Tuesday, July 12, 2011






















Langage de chiens

Il n'est pas toujours évident de comprendre le langage des chiens et l'on est souvent réduit à des conjectures pour donner un sens à leurs aboiements. Mais lorsqu'un être humain traite un autre être humain de chien, lorsqu'il s'entend rétorquer: chien toi-même et lorsqu'ils se mettent tous les deux à aboyer en phase, alors là, ça devient franchement inextricable. C'est exactement ce qui s'est passé récemment au Parlement et il a fallu les jappements répétés du chien de garde Nabih Berri pour ramener les deux canidés, Assem Qanso et Khaled Ad-Daher, à leur "humanité".

Ceux qui apprécient la compagnie des chiens vous assurent qu'il n'y a point de mystère là-dedans et qu'ils perçoivent sans difficulté le sens de leurs aboiements. Des spécialistes ont même réussi à en répertorier les nuances et à les codifier. Ainsi, selon eux, plus les aboiements sont rapprochés, plus le chien est inquiet. Moins le son est grave et profond, moins le chien est sûr de lui et inversement. Il existe donc bien un code et une interprétation du langage canin.

Assem Qanso et Khaled Ad-Daher ont défrayé la chronique, mais ils ne sont pas les seuls à aboyer. Toute la meute politique libanaise le fait avec plus ou moins de véhémence. En prêtant attentivement l'oreille et en suivant de près les explications fournies par les éthologues, on pourrait construire une table de correspondance attribuant à chaque type d'aboiement, sa signification et le canidé correspondant.

En voici quelques exemples pris au hasard:

Aboiements suivis d'un long hurlement: Attention à toi ! Où est le reste de la meute ? (Hassan Nasrallah)

Enchaînements de 3 ou 4 aboiements: Il y a un problème ici, mais je ne sais pas lequel (Michel Aoun).

Succession d'aboiements et de pauses: Où êtes vous ? Je suis tout seul ! (Saad Hariri).

Jappements étouffés: Je suis mort de peur ! (Walid Joumblatt)

Passant du grave à l'aigu entrecoupé d'un petit aboiement: Je m'ennuie, venez me chercher ! (Michel Sleiman)
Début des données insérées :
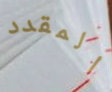
المقدد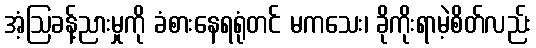
အံ့ဩခန့်ညားမှုကို ခံစားနေရရုံတင် မကသေး၊ ခိုကိုးရာမဲ့စိတ်လည်း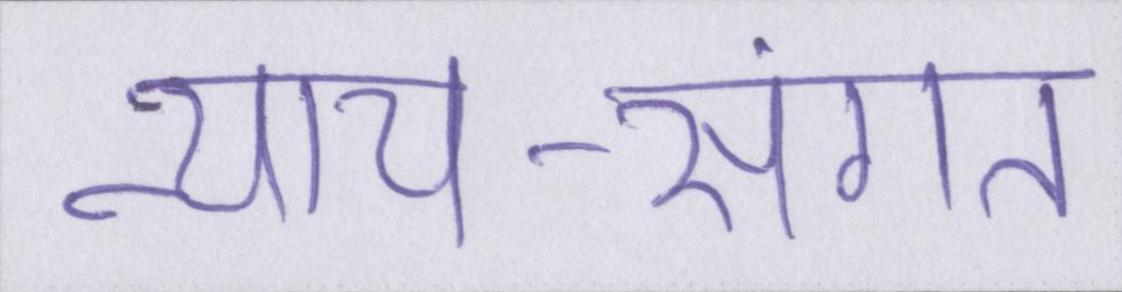
न्याय-संगत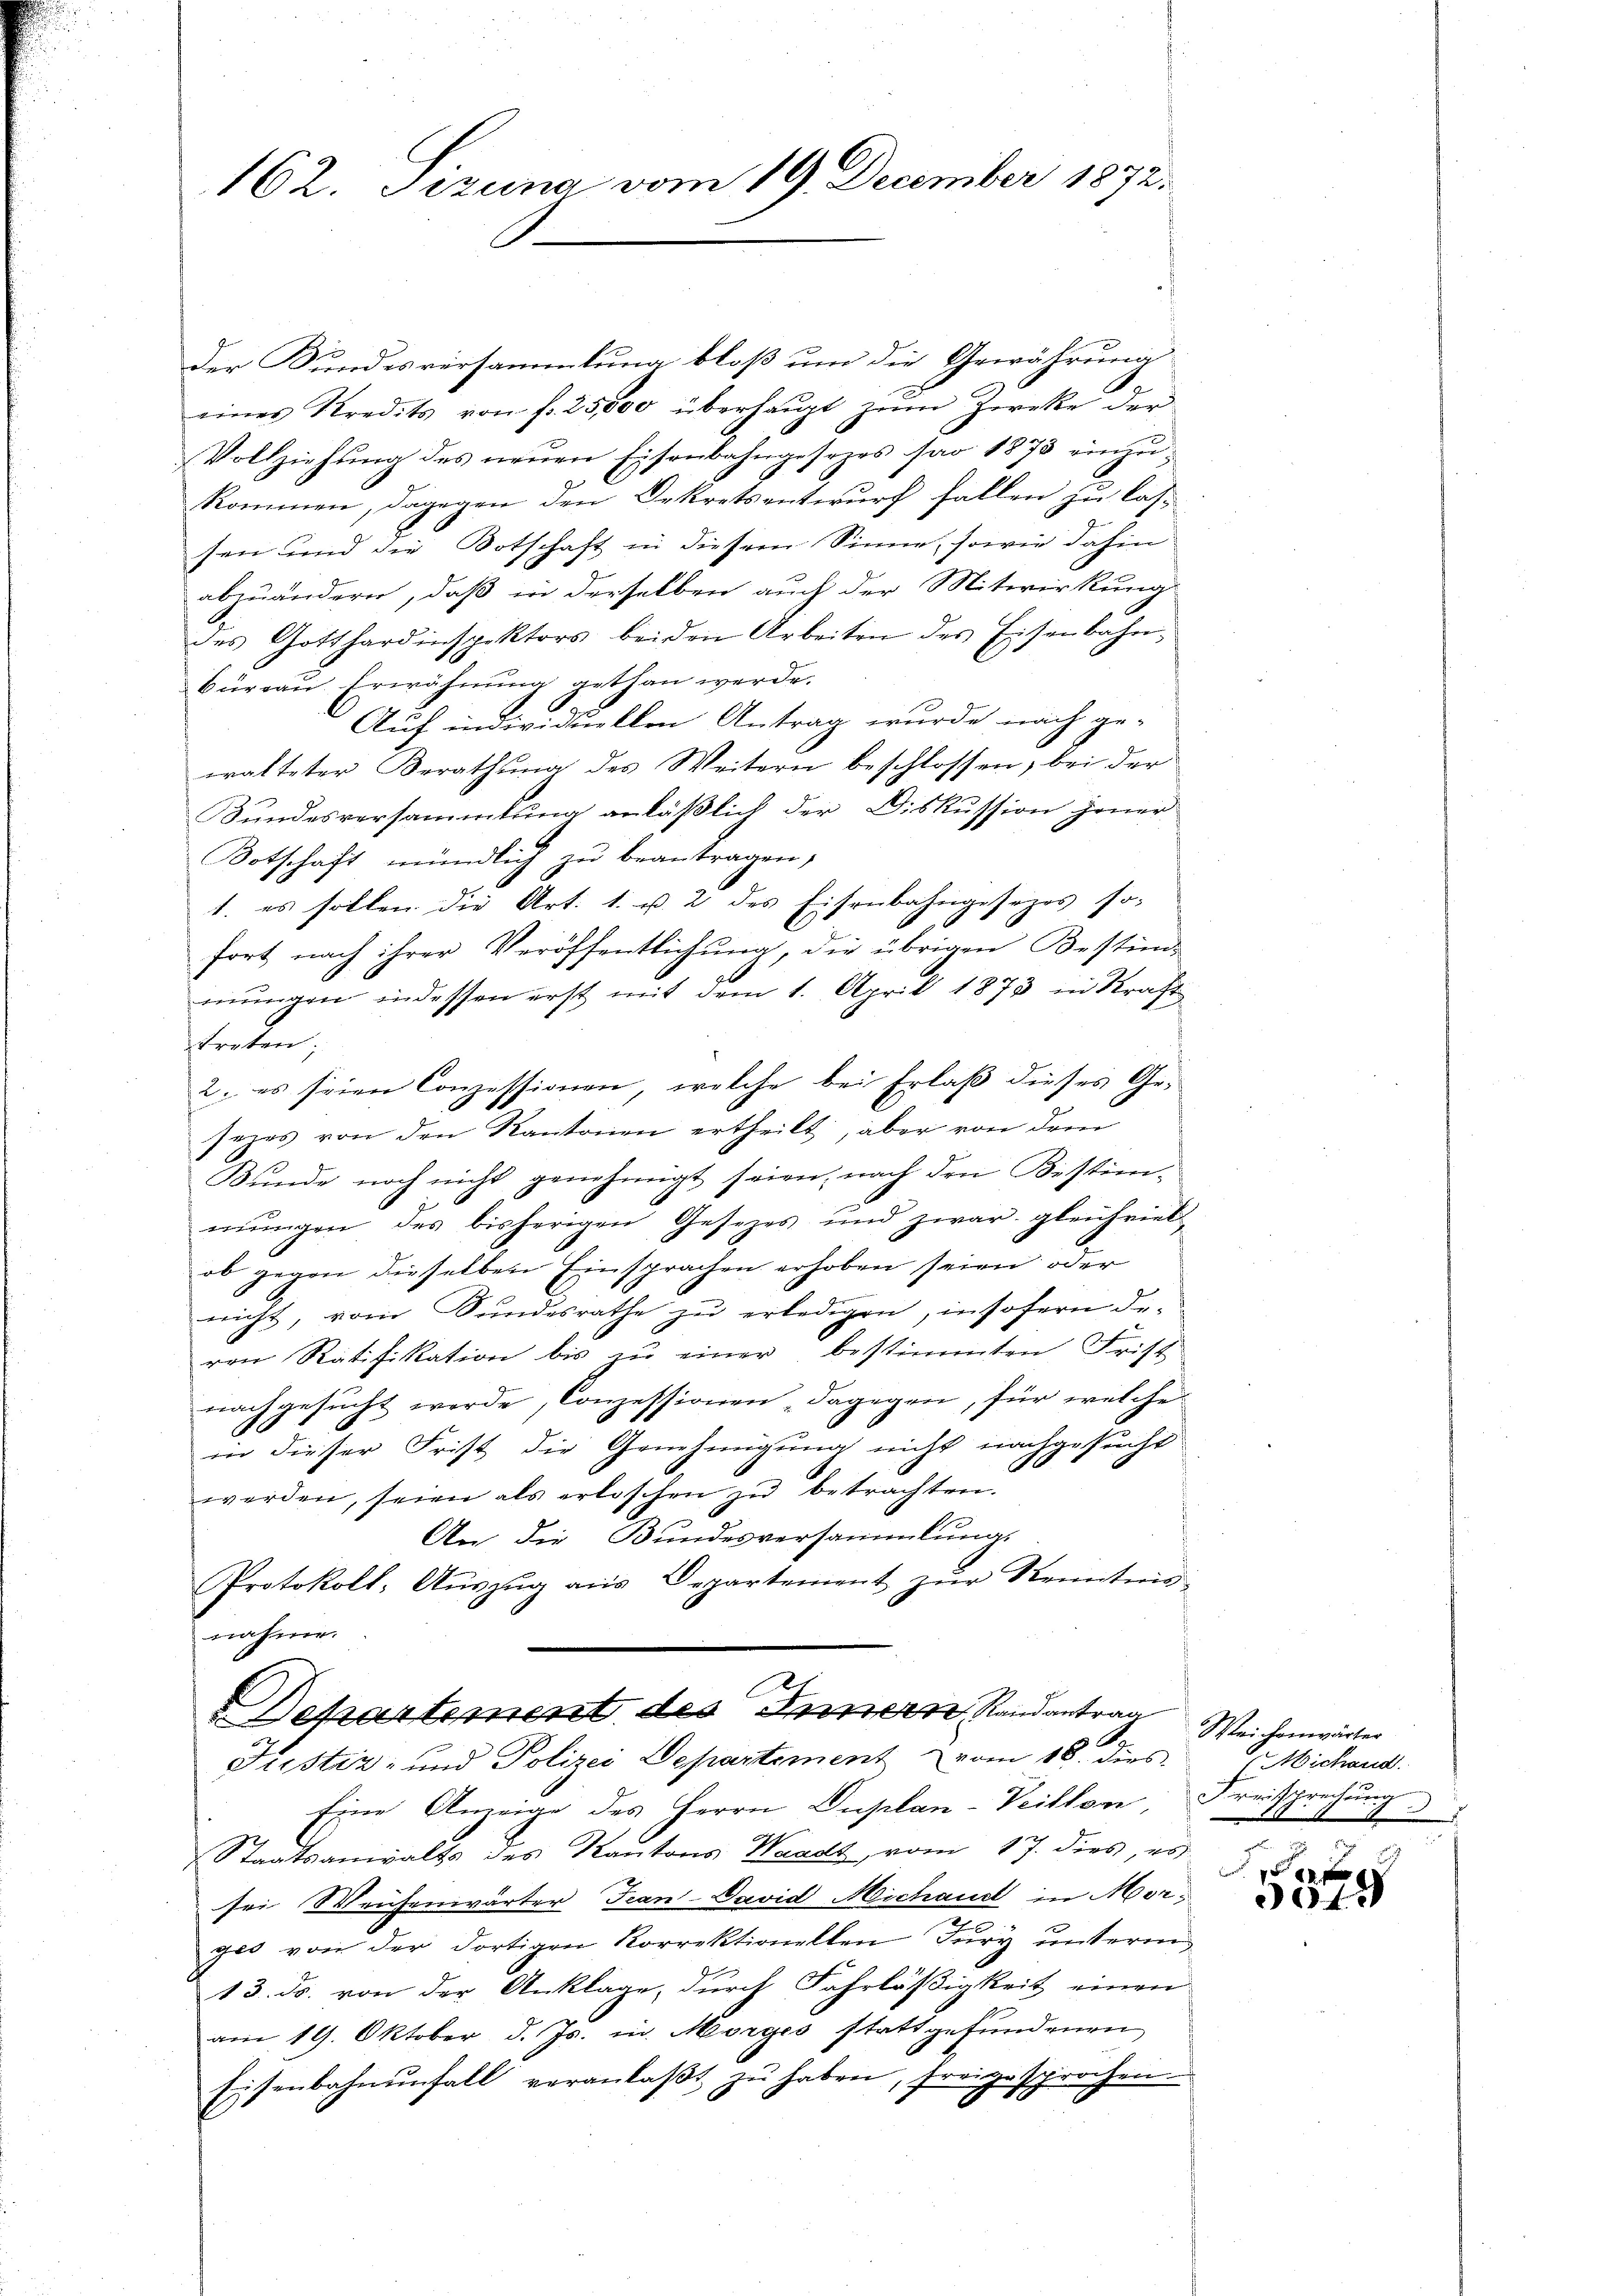
162. Sezuna vom 19. December 1872.
E

der Kundesversammlung bloß um die Gewährung
eines Kredits von f. 25,000 überhaŭpt zŭm Zwecke der
Vollziehŭng des neŭen Eisenbahngesezes pro 1873 einzŭ-
kommen, dagegen den Dekretsentwurf fallen zu lassen und die Botschaft in diesem Sinne, sowie dahin
abzuändern, daß in derselben auch der Mitwirkung
des Gotthardinspektors beiden Arbeiten des Eisenbahn-
büreaŭ Erwähnung gethan werde.
Auf individuellen Antrag wurde nach gewalteter Berathung des Weitern beschlossen, bei der
Bundesversammlung anläßlich der Diskussion jener
Botschaft mündlich zu beantragen,
1. es sollen die Art. 1. u. 2 des Eisenbahngesezes so-
fort nach ihrer Veröffentlichung, die übrigen Bestim-
mungen in dessen erst mit dem 1. April 1873 in Kraft
treten;
2. es seien Conzessionen, welche bei Erlaß dieses Ge-
sezes von den Kantonen ertheilt, aber von dem
Bunde noch nicht genehmigt seien, nach den Bestim-
mŭngen des bisherigen Gesetzes und zwar gleichrieb
ob gegen dieselben Einsprachen erhoben seien oder
nicht, von Sundesrathe zu erledigen, insofern deven Ratifikation bis zu einer bestimmten Frist
nachgesucht werde, Conzessionen dagegen, für welche
in dieser Frist die Genehmigung nicht nachgesucht
werden, seien als erloschen zŭ betrachten.
An die Bundesversammlung
Protokoll, Aŭszŭg ans Departement zŭr Kenntnis-
nahme.

Departement des Innern Randantrag
2.
Justiz- und Polizei Departement vom 18. dies

Eine Anzeige des Herrn Duplan-Veillon Freissprechung
Staatsanwalts des Kantons Waadt, vom 17. dies, es
sei Weichenwärter Fran-David Michaust in Morges von der dortigen Korrektionellen Fŭry ŭnterm
13. ds. von der Anklage, durch Fahrläßigkeit einen
am 19. Oktober d. Js. in Morges stattgefundenen
Eisenbahnŭnfall veranlaβt zŭ haben, freigesprochen

Weichenwärter
Michand.
.
00 x

3044

Un seul jappement très bref et aigu: Ouille ! (Najib Miqati)

Aboiement modulé en bâillement: Ouais ! Super ! (Nabih Berri)

Aboiements sourds et profonds semblant venir du fond de la gorge: Recule, dégage ! (Ali Ammar)
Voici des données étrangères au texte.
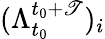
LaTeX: (\Lambda_{t_{0}}^{t_{0}+\mathscr{T}})_{i}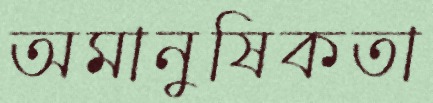
অমানুষিকতা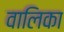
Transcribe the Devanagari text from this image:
वालिका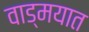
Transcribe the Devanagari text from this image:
वाड्मयात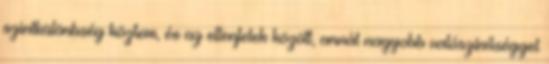
szintkülönbség köztem, és az ellenfelek között, annál nagyobb valószínűséggel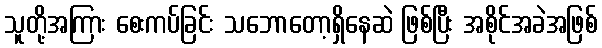
သူတို့အကြား စေးကပ်ခြင်း သဘောတော့ရှိနေဆဲ ဖြစ်ပြီး အစိုင်အခဲအဖြစ်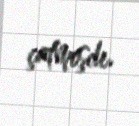
çatmışdı.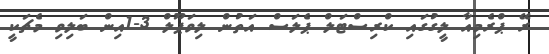
ރޭ ޕްރެމިއާ ލީގުގައި ކްރިސްޓަލް ޕެލަސް އަތުން ލިވަޕޫލް 3-1އިން ބަލިވި މެޗަކީ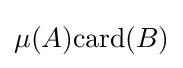
\mu (A){\text{card}}(B)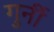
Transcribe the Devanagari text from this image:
गुर्नी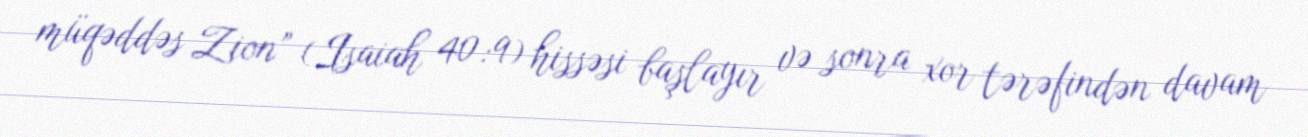
müqəddəs Zion” (Isaiah 40:9) hissəsi başlayır və sonra xor tərəfindən davam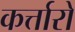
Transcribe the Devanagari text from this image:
कर्त्तारो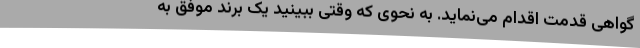
گواهی قدمت اقدام می‌نماید. به نحوی که وقتی ببینید یک برند موفق به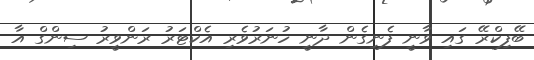
ބޭފިކްރޭ ގައި ވާނީ ފެނިގެން ދާނީ ހުނަރުވެރި އެކްޓަރު ރަންވީރު ސިންގް އާ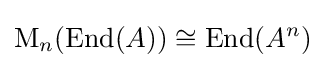
\mathrm {M} _{n}(\operatorname {End} (A))\cong \operatorname {End} (A^{n})
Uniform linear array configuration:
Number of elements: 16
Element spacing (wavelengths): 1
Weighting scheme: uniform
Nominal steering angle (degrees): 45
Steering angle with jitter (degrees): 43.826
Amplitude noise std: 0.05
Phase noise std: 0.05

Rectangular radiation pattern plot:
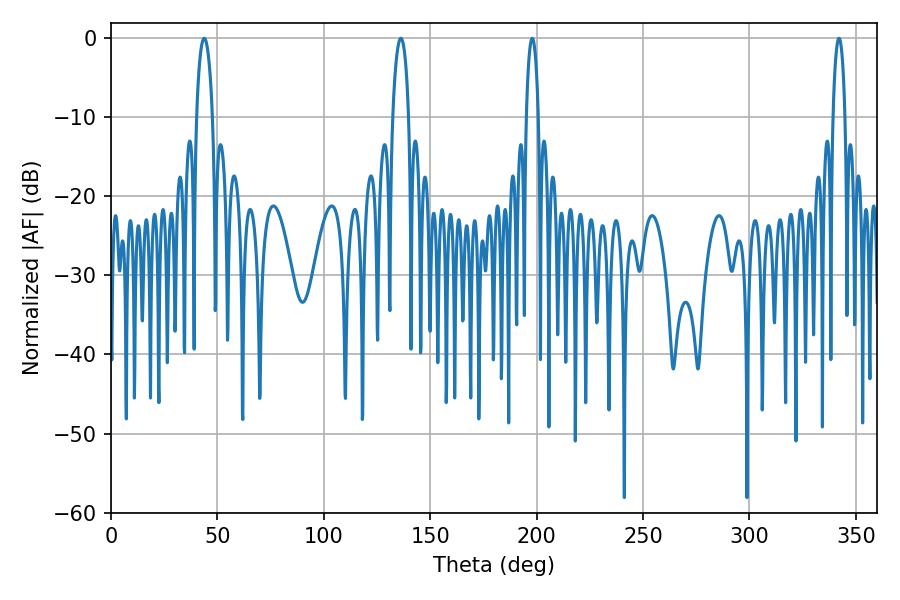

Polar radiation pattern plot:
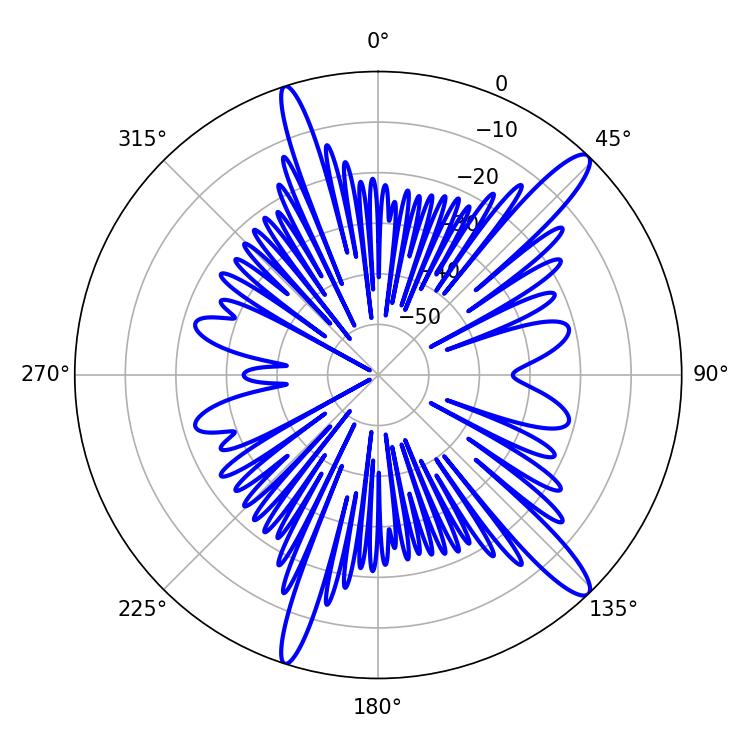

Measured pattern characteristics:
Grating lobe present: TRUE
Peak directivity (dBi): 14.084
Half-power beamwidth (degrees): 4.14
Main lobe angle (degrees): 43.74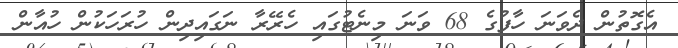
އެގޮތުން ދެވަނަ ހާފުގެ 68 ވަނަ މިނެޓުގައި ހެރޭރާ ނަގައިދިން ހުރަހަކުން ހުއާން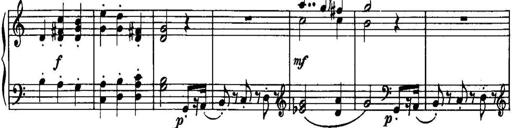
Title: Piano Sonatina No.1, Op.146
Composer: Stephen Heller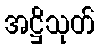
အဋ္ဌိသုတ်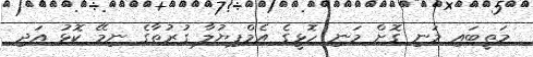
މަތީބަައި މަނި ގޮށް މަނި ހޮޅީގެ އެމްޕިޔުލާ ގުރުތާގެ ނިމޭ ކޮޅު އަދި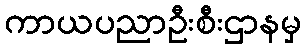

Un, deux ou trois aboiements sonores sur un registre plutôt élevé: Bonjour ! (Sami Gemayel)

Successions rapides d'aboiements de tonalité moyenne: Un intrus est là, rassemblez vous ! (Samir Geagea)

Aboiements bégayés de tonalité moyenne: Viens jouer avec moi (Ammar Houri)

Il ne viendrait jamais à l'esprit d'un humain de traiter un autre humain d'humain. Pour l'insulter ou l'avilir, il le qualifierait volontiers d'animal ou plus explicitement d'âne, d'hyène, de chien ...etc. Au Liban, traiter un adversaire de traître ou d'espion n'émeut plus personne, mais le traiter publiquement de chien apporte une fraicheur toute nouvelle qui manquait cruellement au débat public. Et au train où vont les choses, il n'est pas impossible de voir un jour débarquer toute la ménagerie avec son répertoire de braiments, meuglements et autres grognements.